You will feel better to understand that love is not selfish, it took me two weeks of depression to finally realize that if I love someone then their happiest comes before mine. Try it.


----------



## DudeInProgress (Jun 10, 2019)

DonJuan said:


> You will feel better to understand that love is not selfish, it took me two weeks of depression to finally realize that if I love someone then their happiest comes before mine. Try it.


Is that a joke?
So if your spouse wants to sleep with someone else you should be ok with it, “for their happiness”?


----------



## DownByTheRiver (Jul 2, 2020)

Are these her children that she brought into the marriage or are they children that you are both parents of? Because if they're not your children at all, I feel she is just using you financially at this point and that you are just letting her, and you have to understand that there's no way she could respect that. It's not going to make her love you more or come back. It's just going to make her lose respect for you if you are letting her walk all over you and use you. 

I'm afraid this is a mismatch. Whatever you did in the past that you now think you might have changed and things might be better, it's actually doubtful that it would have changed anything. Besides it already sounds like you were the one contributing the most. 

I would give her however much notice until the end of a school term for her to find a new place to live. If she has found someone who is willing to just take her in, she is level to leave you before then. 

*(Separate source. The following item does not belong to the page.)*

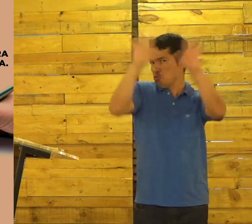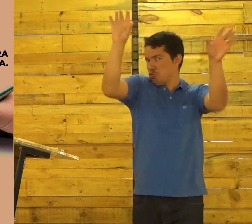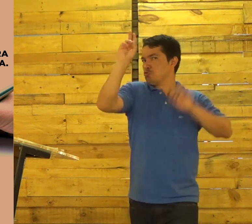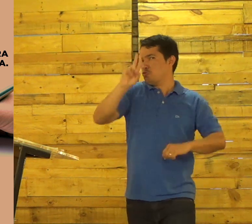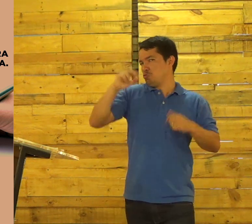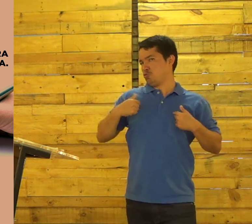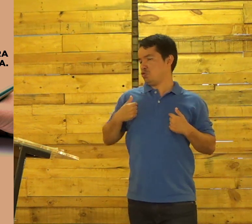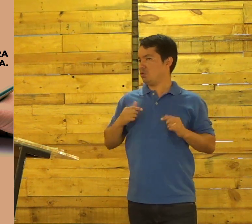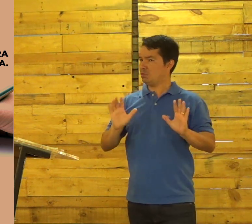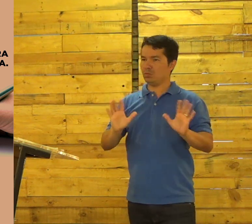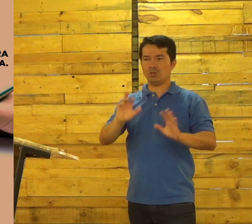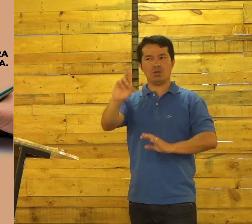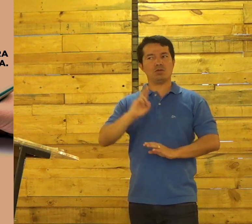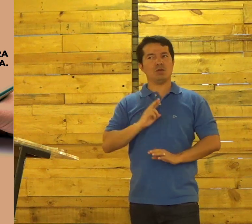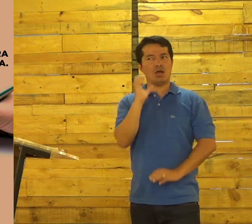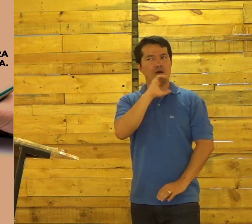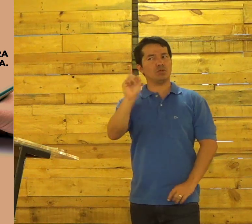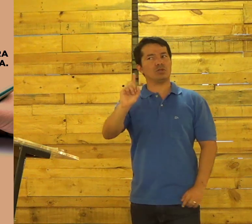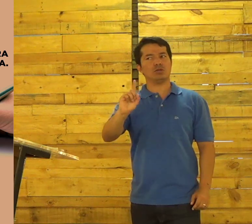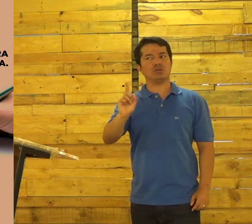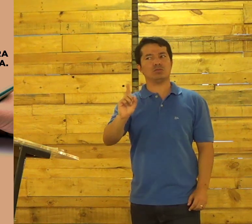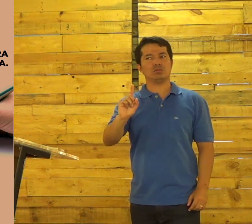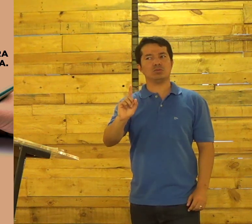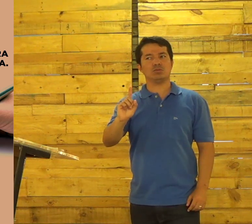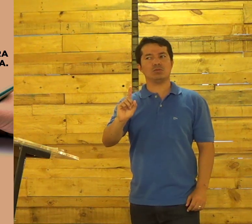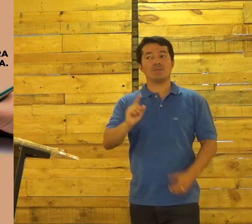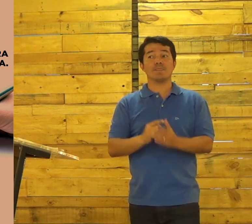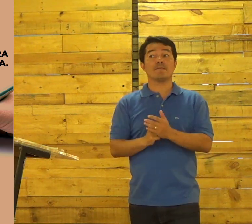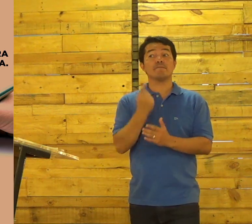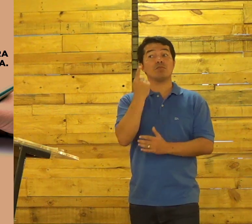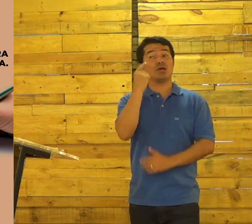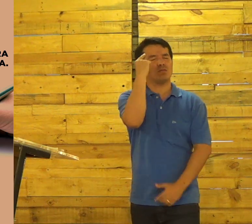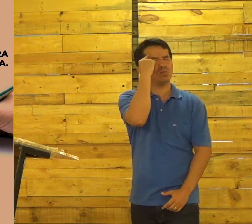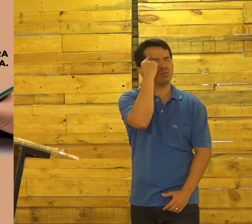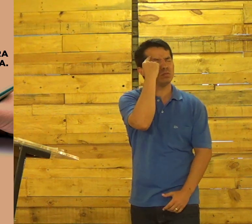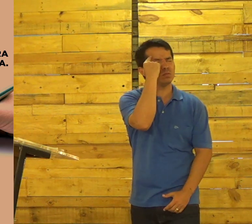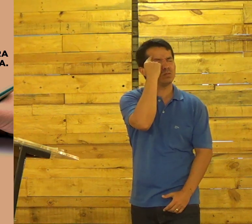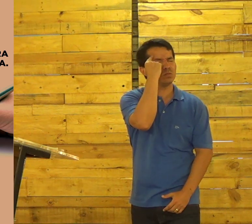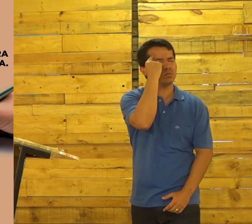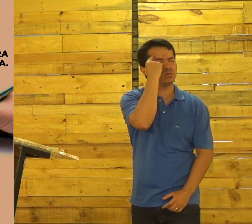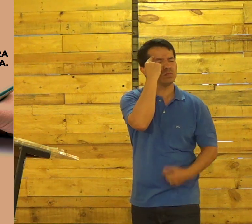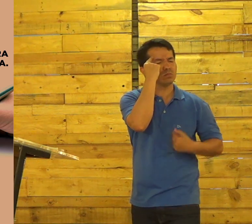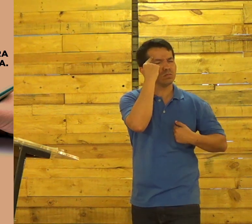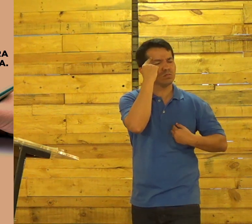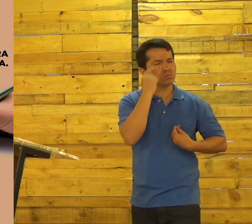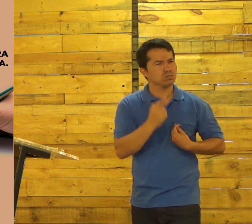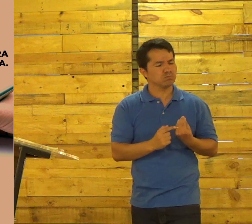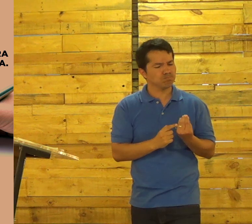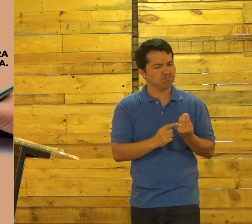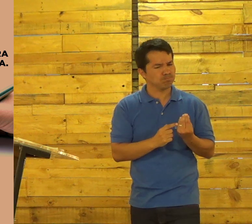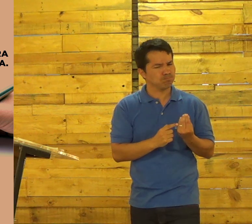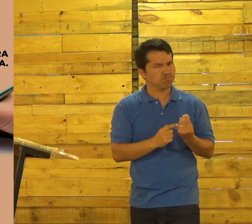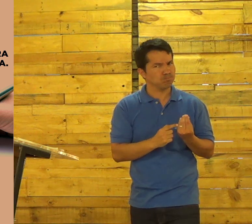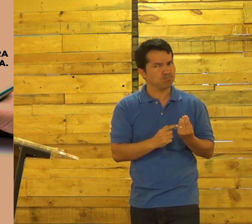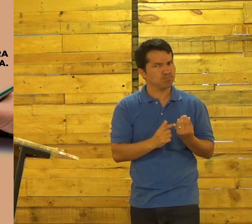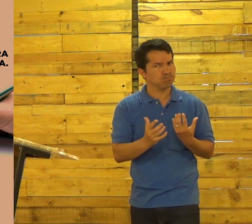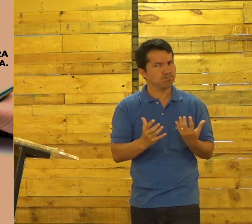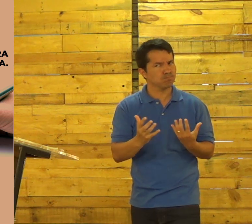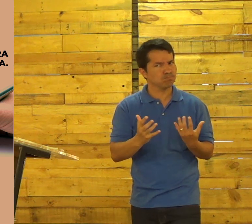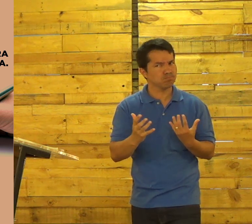exemplo Você sabe Você de repente fala assim Ok, pode me usar Mas você falou sem pensar E não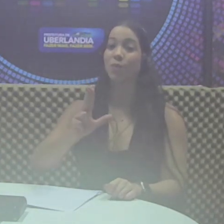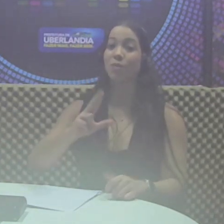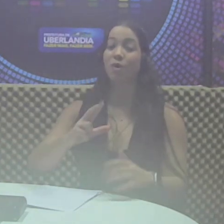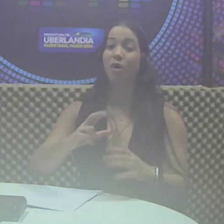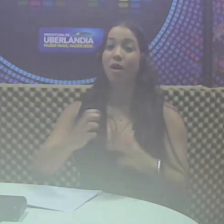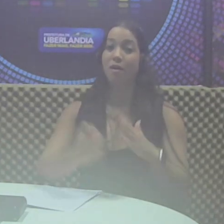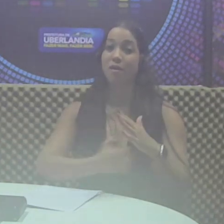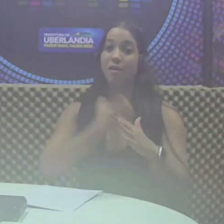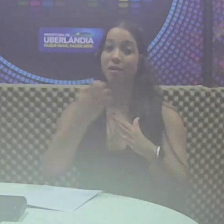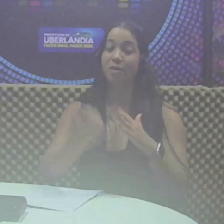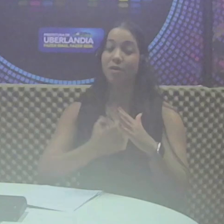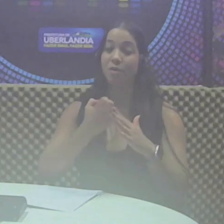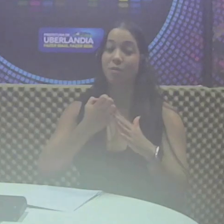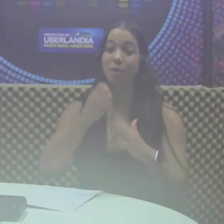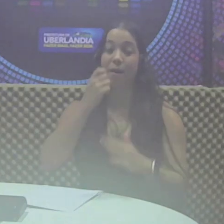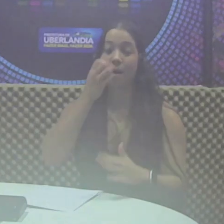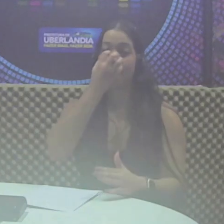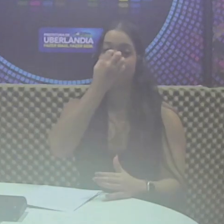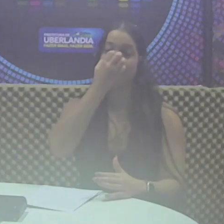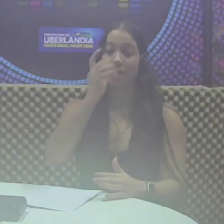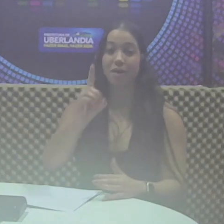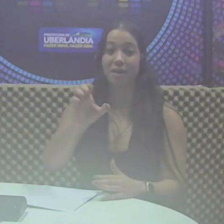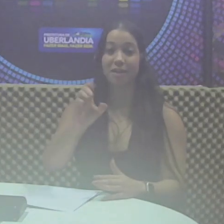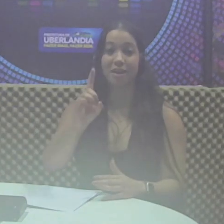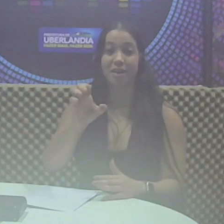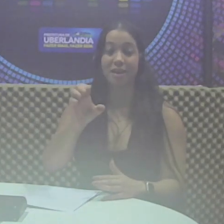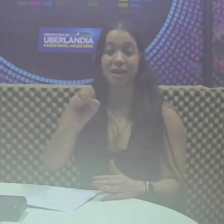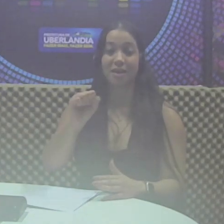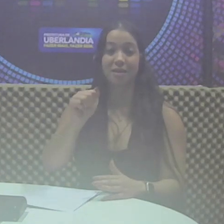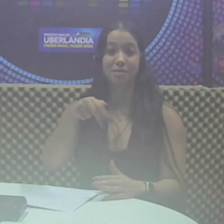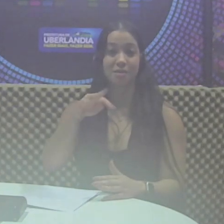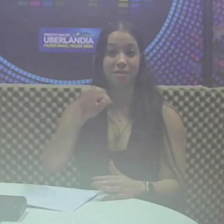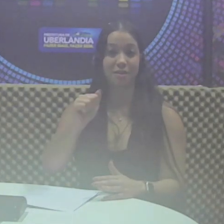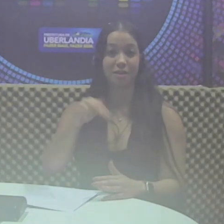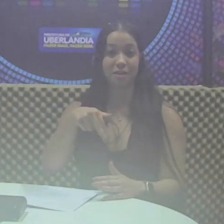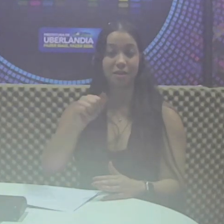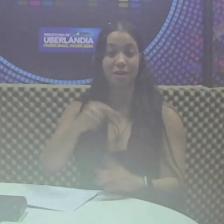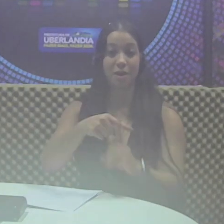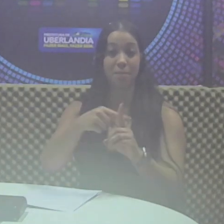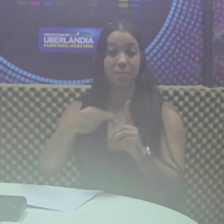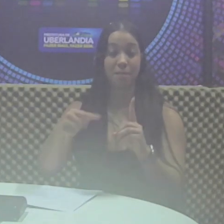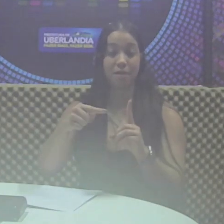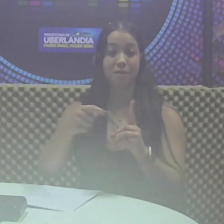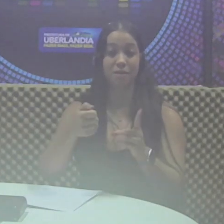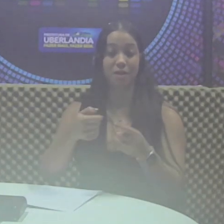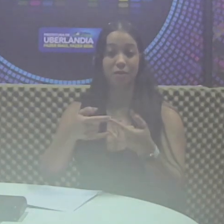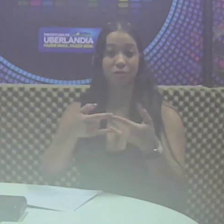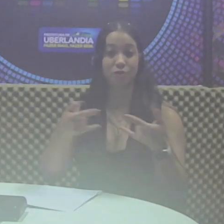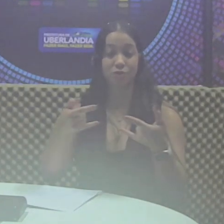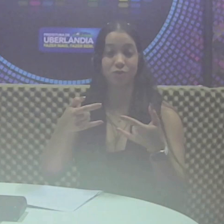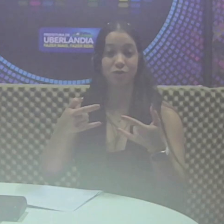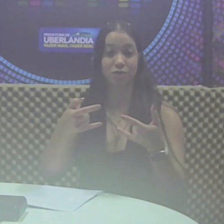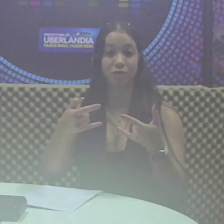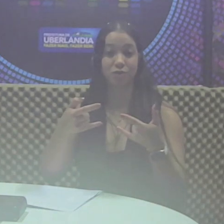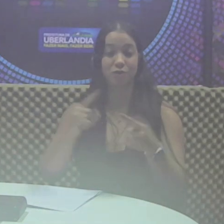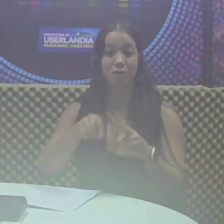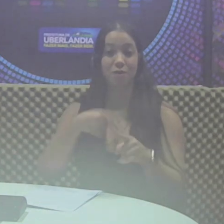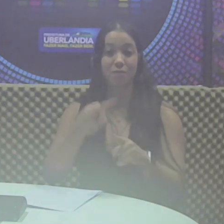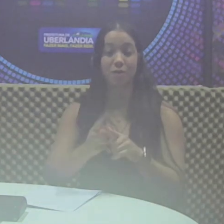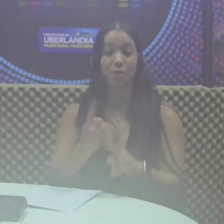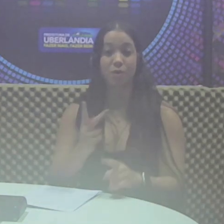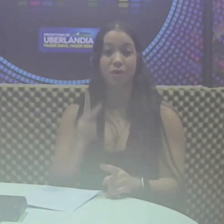humorista Dedé Santana colocou meia entrada com um quilo de alimento não perecível para acesso ao show.

I'm sorry that you are the one left emotionally suffering here. Next relationship, watch carefully and don't give more than the other person does or jump in and become more invested than they are. Just step by step make sure that you're both equally invested in doing your parts. Even if it's not in your nature it's best to set some standards for when you give your heart as well as your finances! It might help you avoid someone else taking advantage.


----------



## Luckylucky (Dec 11, 2020)

Sorry, am I right in reading that you weren’t having sex with her at all? So no intimacy from your end?


----------



## David60525 (Oct 5, 2021)

Krysti said:


> My wife and I have been together for 14 years and married for 3. Things haven't always been great and I stopped really seeing her or being intimate. We started talking about opening our marriage so she could fulfill her sexual needs so she started online chatting. I was having a hard time with it and second guessing it. Then 2 weeks ago I check her phone and she is telling some other woman that even if I don't want her to continue talking to her she still will and she can't wait to meet her. I lose it because this was just supposed to be a fwb situation and she is basically saying she wants to date this person. She then tells me she wants to separate and see where things go with this new person. She was a stay at home mom so moving out I'd not viable for her. So we are living together in separate rooms and still spending time together. She says she doesn't want to hurt me but she also doesn't want to get back together. I feel angry and blindsided and broken hearted.


Give ultimatum, live by it. She monkey branched. Gone.


----------